Forward Looking Information and Statements
This presentation contains forward-looking statements and forward-looking information within the meaning of applicable securities laws. The use of any of the words "expect", "anticipate", "continue", "estimate", "objective",
"ongoing", "may", "will", "project", "should", "believe", "plans", "intends" and similar expressions are intended to identify forward-looking information or statements. More particularly and without limitation, this presentation includes
forward-looking information and statements about our strategy, plans and focus, forecast annual growth rates, planned capital expenditures and the source of funding of our capital program, expected future production and product
mix, the quantity and estimated value of reserves, forecast operating and financial results including funds flow, adjusted funds flow, operating income profit margin, drilling inventories and drilling plans, anticipated debt levels,
forecasted commodity prices and differentials, forecasted exchange rates, anticipated production costs and capital efficiencies.

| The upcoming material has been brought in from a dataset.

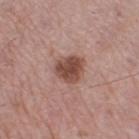Clinical impression: Captured during whole-body skin photography for melanoma surveillance; the lesion was not biopsied. Acquisition and patient details: A region of skin cropped from a whole-body photographic capture, roughly 15 mm wide. From the right thigh. A male subject, about 55 years old. Automated image analysis of the tile measured an area of roughly 9 mm², an outline eccentricity of about 0.3 (0 = round, 1 = elongated), and two-axis asymmetry of about 0.2. The software also gave an average lesion color of about L≈48 a*≈21 b*≈25 (CIELAB), about 13 CIELAB-L* units darker than the surrounding skin, and a lesion-to-skin contrast of about 9.5 (normalized; higher = more distinct). It also reported radial color variation of about 1. And it measured a nevus-likeness score of about 75/100.

This corporate presentation contains future-oriented financial information and financial outlook information (collectively, "FOFI") about InPlay's prospective results of operations, funds flow, adjusted funds flow, and components
thereof, all of which are subject to the same assumptions, risk factors, limitations, and qualifications as set forth in the above paragraphs. FOFI contained in this corporate presentation was made as of the date of this corporate
presentation and was provided for the purpose of providing further information about InPlay's future business operations, InPlay disclaims any intention or obligation to update or revise any FOFI contained in this corporate
presentation, whether as a result of new information, future events or otherwise, unless required pursuant to applicable cautioned that the FOFI contained in this corporate presentation should not be used for purposes other than for
which it is disclosed herein. Additionally, readers are advised that historical results, growth and transactions described in this presentation may not be reflective of future results, growth and transactions with respect to InPlay.
The forward-looking statements and information are based on certain key expectations and assumptions made by InPlay and its management, including expectations and assumptions concerning general economic conditions in
Canada, the United States and elsewhere, and oil and gas industry conditions, including applicable royalty rates and environmental and tax laws and regulations. Although InPlay believes that the expectations and assumptions on
which such forward-looking statements and information are based are reasonable as of the date hereof, undue reliance should not be placed on the forward-looking statements and information because InPlay can give no assurance
that they will prove to be correct.
Since forward-looking statements and information address future events and conditions, by their very nature they involve inherent risks and uncertainties. Actual results could differ materially from those currently anticipated due to a
number of factors and risks including, but not limited to the risks associated with the oil and gas industry in general. Readers are cautioned that the foregoing list of factors is not exhaustive. The forward-looking statements and
information contained in this presentation are made as of the date hereof and InPlay undertakes no obligation to update publicly or revise any forward-looking statements or information, whether as a result of new information, future
events or otherwise, unless so required by applicable securities laws.
In addition, this presentation contains certain forward-looking information relating to economics for drilling opportunities in the areas that InPlay has an interest. Such information includes, but is not limited to, anticipated payout
rates, rates of return, profit to investment ratios and recycle ratios which are based on additional various forward looking information such as production rates, anticipated well performance and type curves, the estimated net present
value of the anticipated future net revenue associated with the wells, anticipated reserves, anticipated capital costs, anticipated finding and development costs, estimated ultimate recoverable volumes, anticipated future royalties,
operating expenses, and transportation expenses.